* [YOUR ASSIGNMENT]
The answer is to be the lines below that lie between the line holding "Style check: oblique." and the line holding "The image shows 72", inclusive, transcribed exactly and free of pictures.

* [GIVEN INFORMATION]

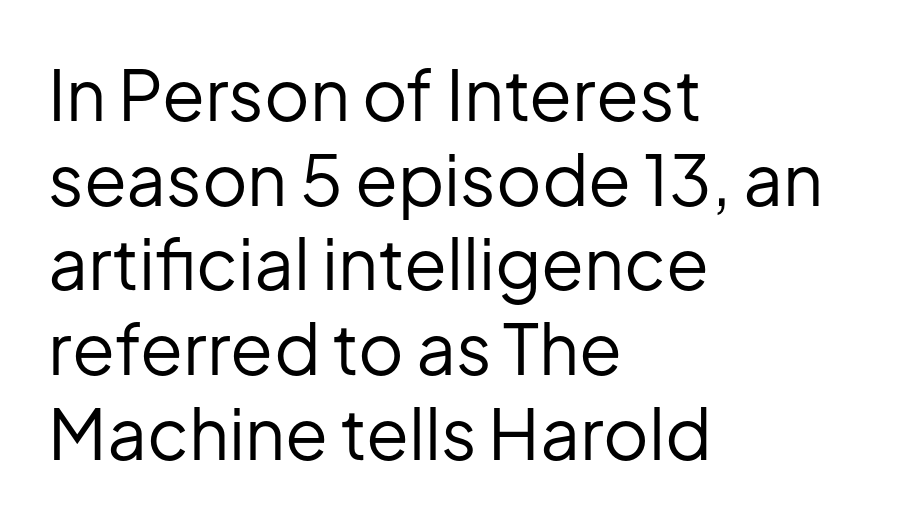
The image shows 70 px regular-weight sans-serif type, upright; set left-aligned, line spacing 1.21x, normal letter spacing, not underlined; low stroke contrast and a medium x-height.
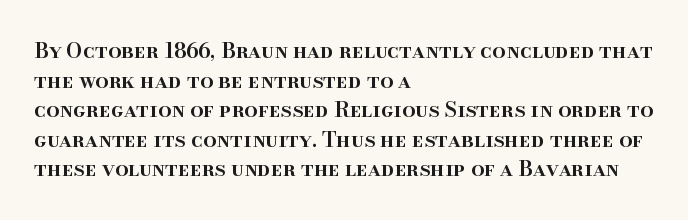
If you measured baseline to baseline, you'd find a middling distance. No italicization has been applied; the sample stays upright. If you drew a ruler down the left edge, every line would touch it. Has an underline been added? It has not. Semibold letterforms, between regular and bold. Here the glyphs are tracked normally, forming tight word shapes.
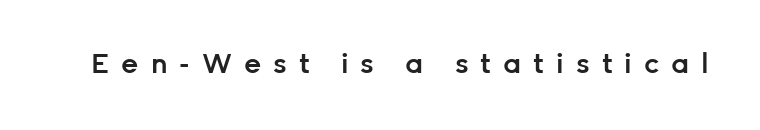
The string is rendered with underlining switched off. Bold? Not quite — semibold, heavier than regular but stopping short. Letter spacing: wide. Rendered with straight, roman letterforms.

---

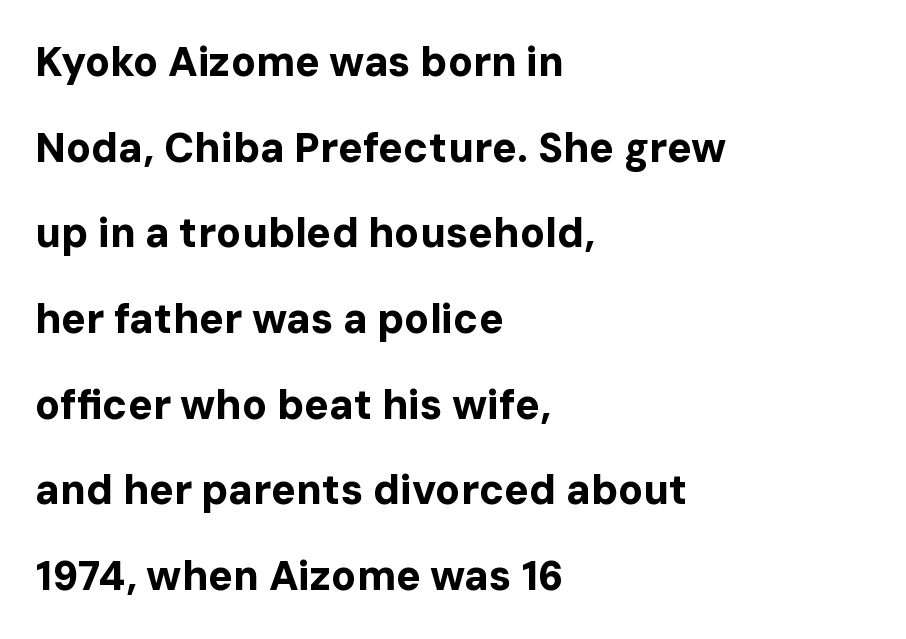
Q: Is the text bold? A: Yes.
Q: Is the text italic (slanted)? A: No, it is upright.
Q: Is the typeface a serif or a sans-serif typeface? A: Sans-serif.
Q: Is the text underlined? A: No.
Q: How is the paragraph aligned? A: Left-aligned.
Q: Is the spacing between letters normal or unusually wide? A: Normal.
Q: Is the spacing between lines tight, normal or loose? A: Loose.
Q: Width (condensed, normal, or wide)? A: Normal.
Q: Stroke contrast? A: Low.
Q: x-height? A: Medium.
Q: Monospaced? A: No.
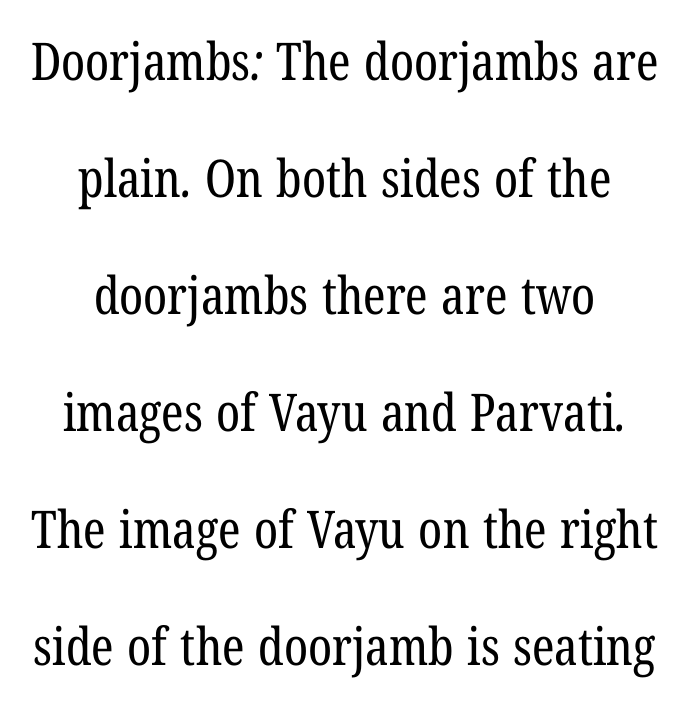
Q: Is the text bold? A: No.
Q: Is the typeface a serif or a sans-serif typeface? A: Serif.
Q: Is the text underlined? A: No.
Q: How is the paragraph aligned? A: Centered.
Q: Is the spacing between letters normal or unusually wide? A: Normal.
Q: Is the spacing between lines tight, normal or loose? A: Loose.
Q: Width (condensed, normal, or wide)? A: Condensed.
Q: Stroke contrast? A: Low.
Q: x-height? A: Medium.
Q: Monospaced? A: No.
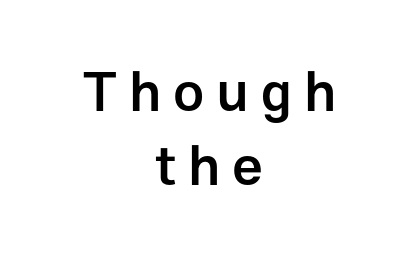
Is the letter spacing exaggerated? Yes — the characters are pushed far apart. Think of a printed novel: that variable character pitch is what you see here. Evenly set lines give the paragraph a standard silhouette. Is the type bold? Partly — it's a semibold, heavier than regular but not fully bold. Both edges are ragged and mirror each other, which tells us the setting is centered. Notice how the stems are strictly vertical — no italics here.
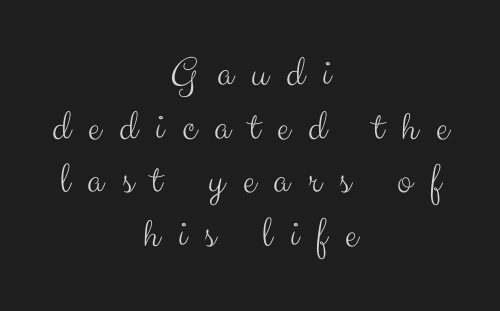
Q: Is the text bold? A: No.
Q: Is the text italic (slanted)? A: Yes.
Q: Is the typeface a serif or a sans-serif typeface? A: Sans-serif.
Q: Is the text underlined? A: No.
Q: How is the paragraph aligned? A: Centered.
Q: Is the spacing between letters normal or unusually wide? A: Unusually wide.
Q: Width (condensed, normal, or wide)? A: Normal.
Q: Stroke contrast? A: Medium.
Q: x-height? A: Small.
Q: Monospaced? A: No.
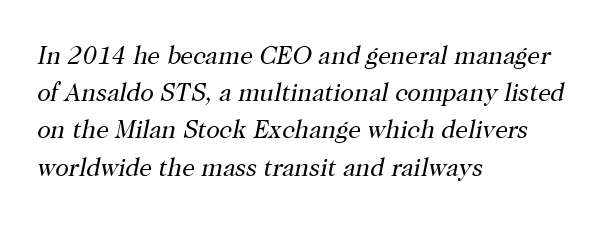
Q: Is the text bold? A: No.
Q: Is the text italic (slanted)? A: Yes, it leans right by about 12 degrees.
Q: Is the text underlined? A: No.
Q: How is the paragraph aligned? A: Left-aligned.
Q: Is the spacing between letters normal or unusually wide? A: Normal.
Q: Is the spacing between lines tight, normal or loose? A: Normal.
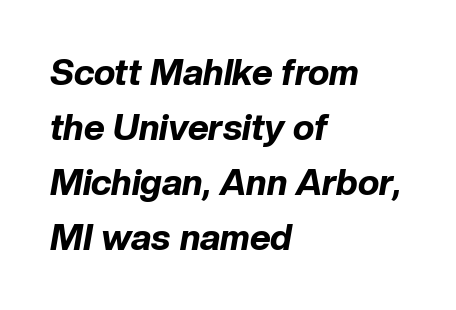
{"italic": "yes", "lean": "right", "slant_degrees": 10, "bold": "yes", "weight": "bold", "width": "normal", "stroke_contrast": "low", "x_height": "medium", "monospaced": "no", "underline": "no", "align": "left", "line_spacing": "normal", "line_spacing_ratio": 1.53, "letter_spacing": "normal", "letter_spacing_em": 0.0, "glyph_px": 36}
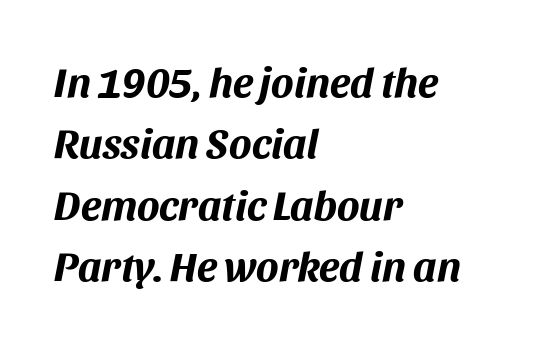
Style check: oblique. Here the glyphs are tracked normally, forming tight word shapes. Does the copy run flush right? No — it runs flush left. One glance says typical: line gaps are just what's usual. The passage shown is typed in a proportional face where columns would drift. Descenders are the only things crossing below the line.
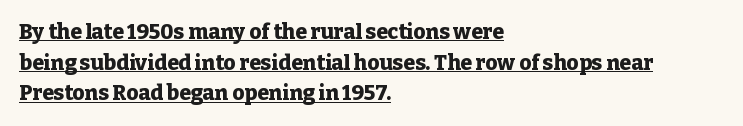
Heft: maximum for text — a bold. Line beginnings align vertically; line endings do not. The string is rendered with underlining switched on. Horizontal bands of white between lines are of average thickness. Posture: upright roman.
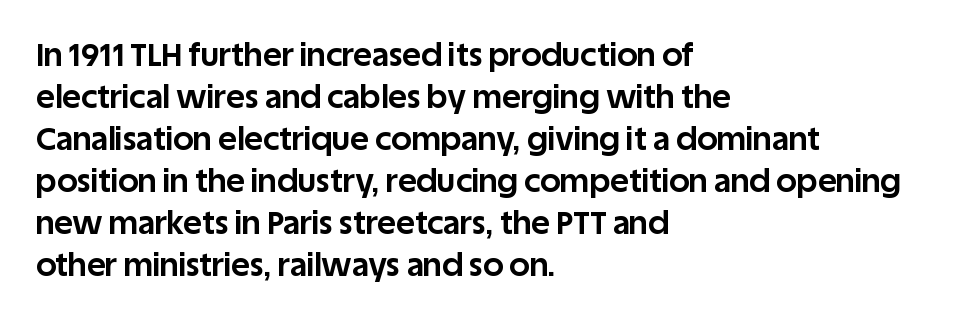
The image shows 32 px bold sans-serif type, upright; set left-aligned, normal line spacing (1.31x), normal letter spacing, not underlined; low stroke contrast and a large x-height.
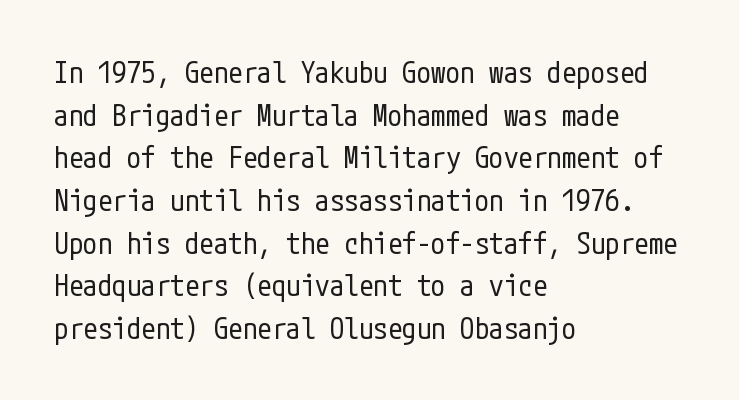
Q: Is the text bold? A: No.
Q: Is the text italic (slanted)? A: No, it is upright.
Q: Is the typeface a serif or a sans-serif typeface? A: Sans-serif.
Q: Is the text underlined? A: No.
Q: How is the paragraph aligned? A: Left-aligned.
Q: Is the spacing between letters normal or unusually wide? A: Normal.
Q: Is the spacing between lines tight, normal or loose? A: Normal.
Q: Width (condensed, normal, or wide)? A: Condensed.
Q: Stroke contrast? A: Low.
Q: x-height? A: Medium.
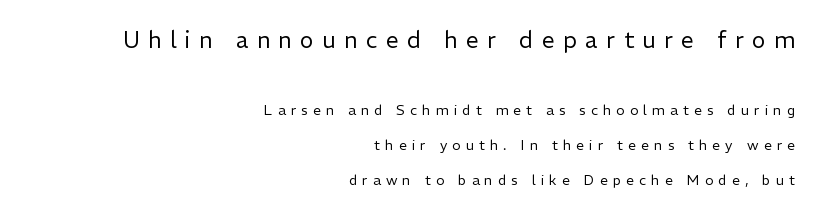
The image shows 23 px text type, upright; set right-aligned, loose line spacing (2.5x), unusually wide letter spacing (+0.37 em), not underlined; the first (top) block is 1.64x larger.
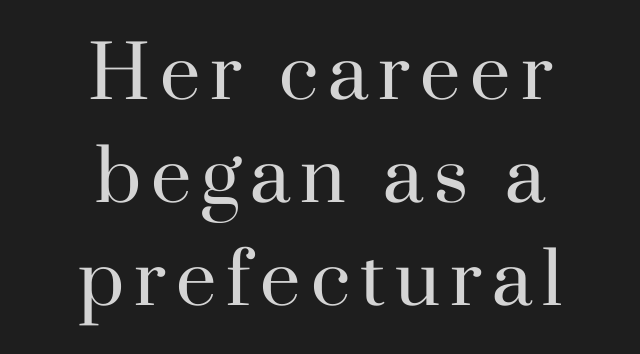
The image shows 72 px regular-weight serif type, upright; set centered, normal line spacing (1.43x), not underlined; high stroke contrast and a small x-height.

* [SOLUTION]
Style check: oblique. Here the glyphs are tracked normally, forming tight word shapes. Does the copy run flush right? No — it runs flush left. One glance says typical: line gaps are just what's usual. The passage shown is typed in a proportional face where columns would drift. Descenders are the only things crossing below the line.
Heft: maximum for text — a bold. Line beginnings align vertically; line endings do not. The string is rendered with underlining switched on. Horizontal bands of white between lines are of average thickness. Posture: upright roman.
The image shows 32 px bold sans-serif type, upright; set left-aligned, normal line spacing (1.31x), normal letter spacing, not underlined; low stroke contrast and a large x-height.
Q: Is the text bold? A: No.
Q: Is the text italic (slanted)? A: No, it is upright.
Q: Is the typeface a serif or a sans-serif typeface? A: Sans-serif.
Q: Is the text underlined? A: No.
Q: How is the paragraph aligned? A: Left-aligned.
Q: Is the spacing between letters normal or unusually wide? A: Normal.
Q: Is the spacing between lines tight, normal or loose? A: Normal.
Q: Width (condensed, normal, or wide)? A: Condensed.
Q: Stroke contrast? A: Low.
Q: x-height? A: Medium.
The image shows 23 px text type, upright; set right-aligned, loose line spacing (2.5x), unusually wide letter spacing (+0.37 em), not underlined; the first (top) block is 1.64x larger.
The image shows 72 px regular-weight serif type, upright; set centered, normal line spacing (1.43x), not underlined; high stroke contrast and a small x-height.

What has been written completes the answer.